Deciding What a Person Deserves and Deciding to Give a Person What He Deserves.

 To appreciate Reiman's point about justice and the death penalty, it is probably helpful to separate various independent 'decisions about desserts' that can be made on the way to deciding whether or not a person should be executed.

a. If a person breaks a law, a person deserves to be punished in the sense that he has done something that has brought the punishment on himself. The harm that the punishment delvers to the violater is not gratuitous, or arbitrary. This is not to say that the final decision should be to punish the person; more needs to be taken into consideration.

 b. If a person breaks a law that is intended to reflect/maintain the equality of persons (or if the person violates an informal principle that 'governs' toward the same end), the person deserves to be punished in the sense that she has created an imbalance in the scales of justice. She has violated the sovereignty of another person and so has brought on the punishment (the means) necessary to re-establish the relative equality of the person involved. Here again, this is not to say that the final decision should be to punish the person. It is just to say that if the person is punished, it will not be the gratuitous infliction of pointless suffering.

c. One may consider possible mitigating circumstances, such as the fairness with which the particular punishment is applied. That is, one may give consideration to the sorts of points that Nathanson raises in the essay "Does it Matter if the Death Penalty is Arbitrarily Administered?". If the death penalty is not given in a non-arbitrary way, then one might maintain that this person should not be executed. We might put this in the following way-- even though the person deserves to die, according to the dictates of a. and b., the person should nevertheless not be exectued, because it would be unfair (unjust) to execute him while others equally guilty are ot being executed. One might maintain that, in the final analysis, this person does not deserve to die, because he has been a victim of an arbitrarily applied penalty. This is so, even though he deserves to die in the senses of a and b.

    One could also allow that, in certain cases, the possibility of mercy or forgiveness should be given consideration. The issue of whether or not such factors, as well as others, should be taken into consideration does not obstruct Reiman's point about the relation between equality and the demands of justice. On the contrary, these considerations seem to presuppose Reiman's justice considerations. If there has been no violation, there is nothing to forgive, no occasion on which mercy amy or may not be appropriate. One cannot forgive someone if they haven't done anything, nor can one be merciful to someone, if that someone doesn't desrve to be punished.

    One can, to be sure, perpetrate a gross injustice by punishing a person who doesn't deserve to be punished because they haven;t done anything.  But, it is not an act of mercy to refrain from punishing someone who (one knows) is not guilty of anything.

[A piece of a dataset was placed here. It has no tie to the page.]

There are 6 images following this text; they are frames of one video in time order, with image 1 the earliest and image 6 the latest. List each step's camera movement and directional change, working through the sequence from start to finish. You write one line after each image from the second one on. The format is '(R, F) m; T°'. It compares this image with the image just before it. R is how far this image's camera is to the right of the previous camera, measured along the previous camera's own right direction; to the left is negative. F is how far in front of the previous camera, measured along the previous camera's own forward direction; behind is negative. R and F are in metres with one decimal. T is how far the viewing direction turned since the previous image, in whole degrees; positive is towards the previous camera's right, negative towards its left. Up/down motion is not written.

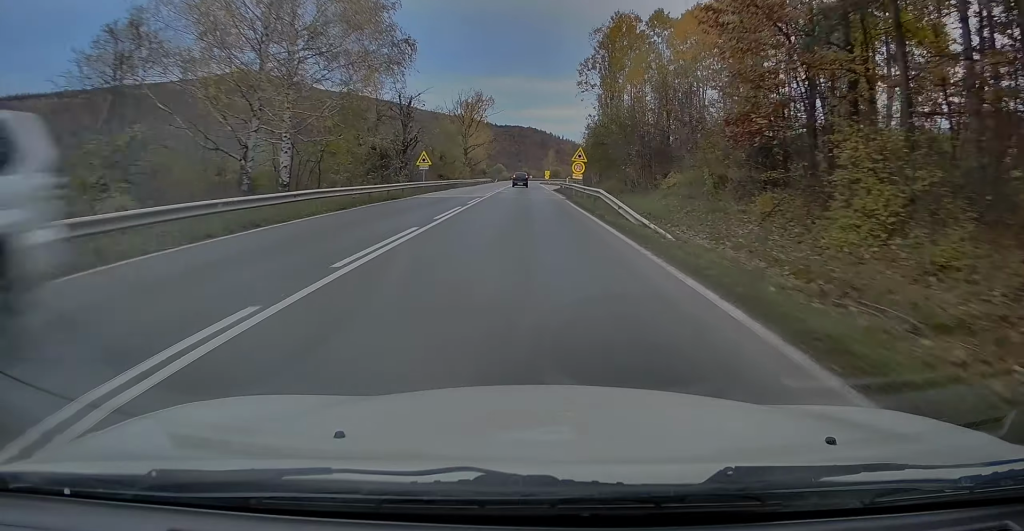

    If one is thinking in terms of the demands of justice in a final analysis, rather than in terms the demands of justice in a preliminary assessment on the way to a final analysis, one may not give Reiman's arguments consideration at the right point.

    Reiman, himself, allows for final assessments that have as an outcome "this person should not be executed, even though by b, this person deserves to die." This is his point in the second section of his essay. This is how he can think that there is a sense in which a person deserves to die-- that justice requires it-- and at the same time think that the death penalty should be abandoned. He thinks that the demands of 'pure justice' are not the only considerations that should weigh when punishment is considered.